▶ **Problem details**:
Output the full listing below exactly, without the pictures.

_ _ _ _

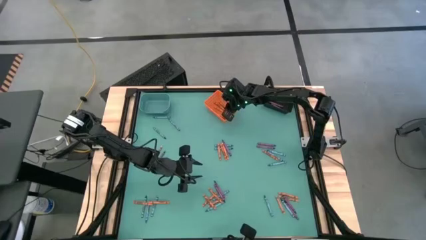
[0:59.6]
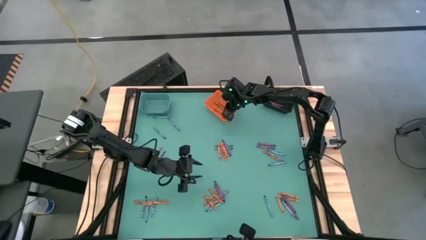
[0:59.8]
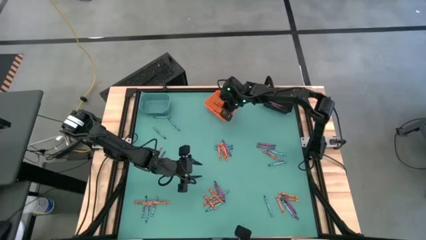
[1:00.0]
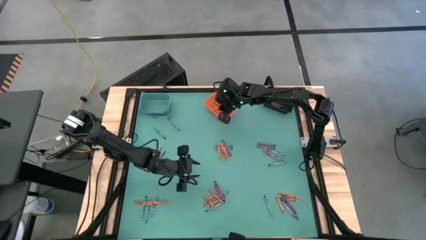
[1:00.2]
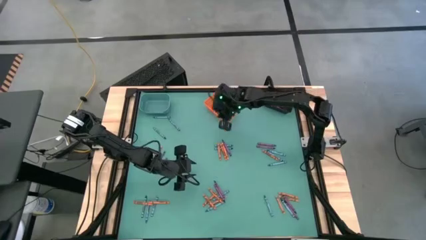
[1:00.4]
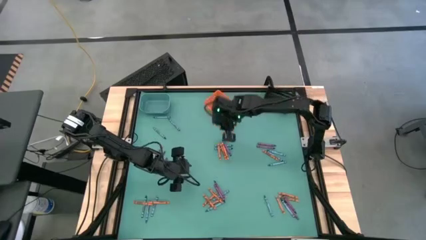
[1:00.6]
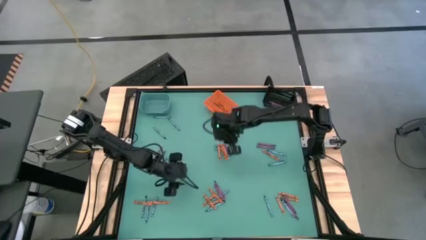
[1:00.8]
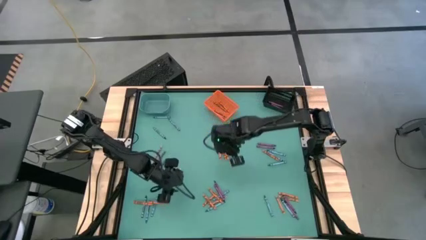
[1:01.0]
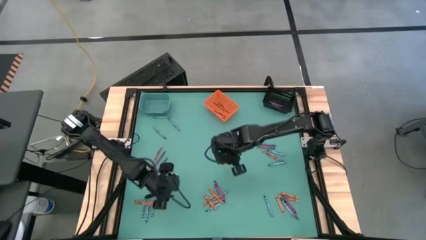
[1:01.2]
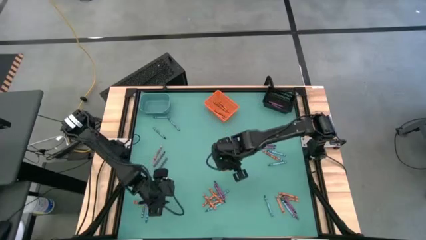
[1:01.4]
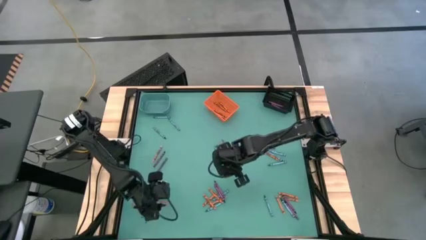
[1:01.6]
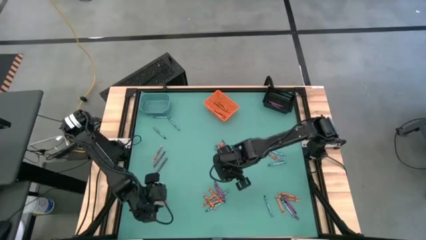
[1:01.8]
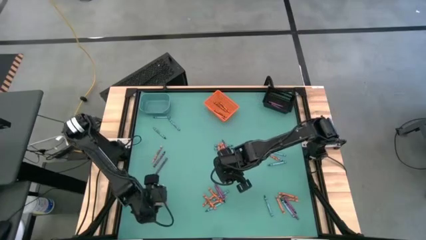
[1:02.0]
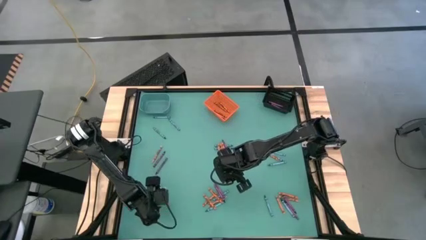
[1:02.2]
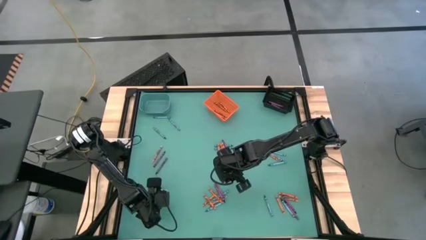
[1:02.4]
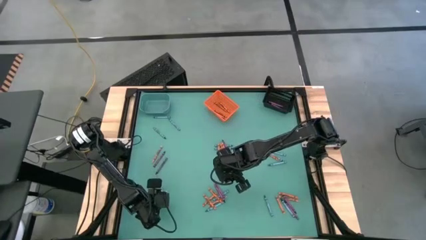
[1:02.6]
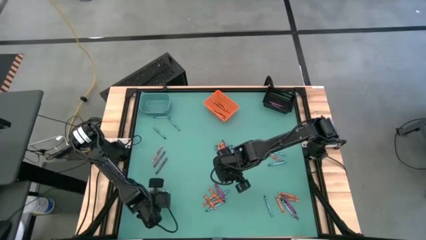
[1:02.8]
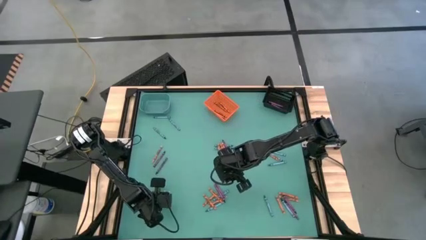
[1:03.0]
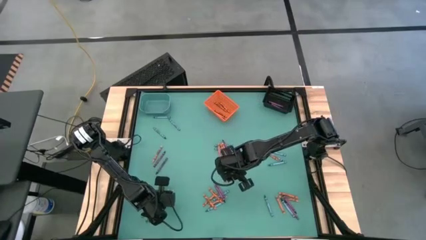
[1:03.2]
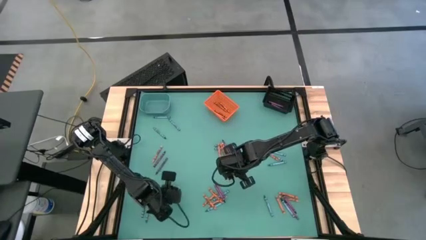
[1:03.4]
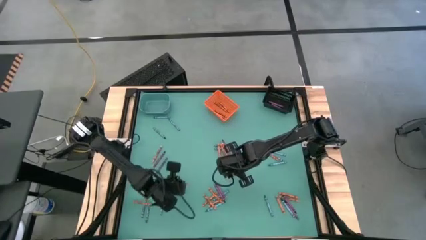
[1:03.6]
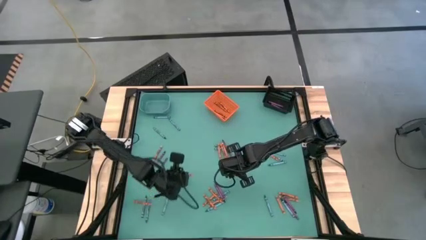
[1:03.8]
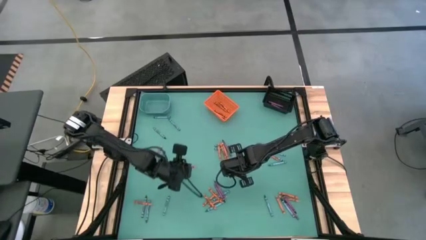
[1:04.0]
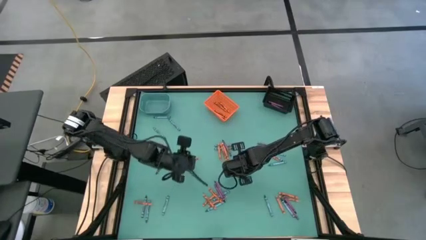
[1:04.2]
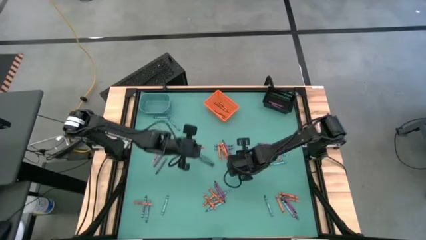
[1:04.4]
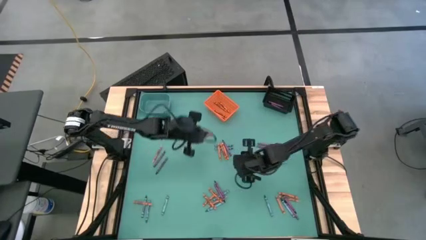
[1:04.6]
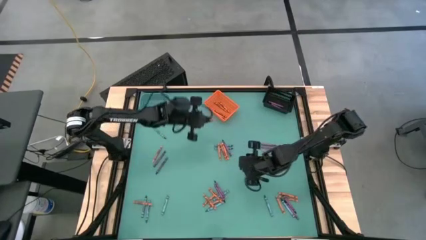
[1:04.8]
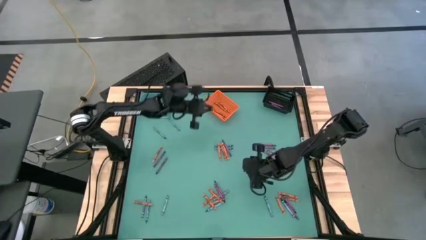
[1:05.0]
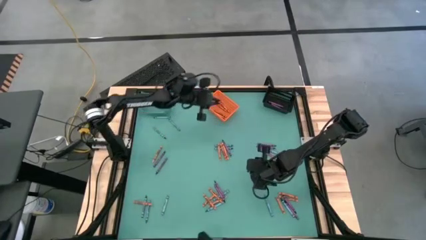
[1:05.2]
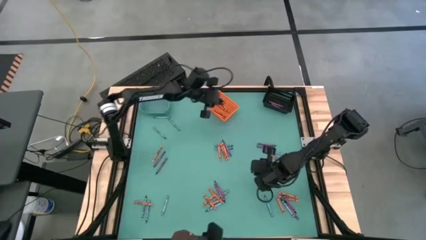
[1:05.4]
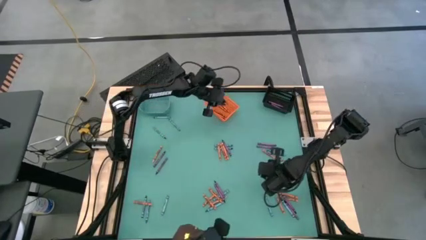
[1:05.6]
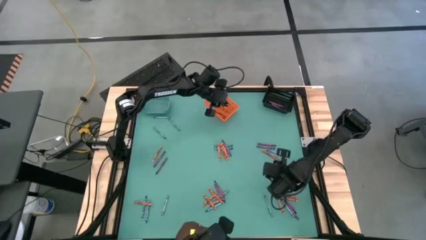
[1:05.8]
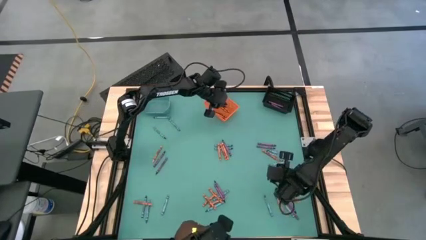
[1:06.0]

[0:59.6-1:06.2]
Put the orange crayon into the orange bin

_ _ _ _

▶ **Written answer**:
[0:59.6]
[0:59.8]
[1:00.0]
[1:00.2]
[1:00.4]
[1:00.6]
[1:00.8]
[1:01.0]
[1:01.2]
[1:01.4]
[1:01.6]
[1:01.8]
[1:02.0]
[1:02.2]
[1:02.4]
[1:02.6]
[1:02.8]
[1:03.0]
[1:03.2]
[1:03.4]
[1:03.6]
[1:03.8]
[1:04.0]
[1:04.2]
[1:04.4]
[1:04.6]
[1:04.8]
[1:05.0]
[1:05.2]
[1:05.4]
[1:05.6]
[1:05.8]
[1:06.0]

[0:59.6-1:06.2]
Put the orange crayon into the orange bin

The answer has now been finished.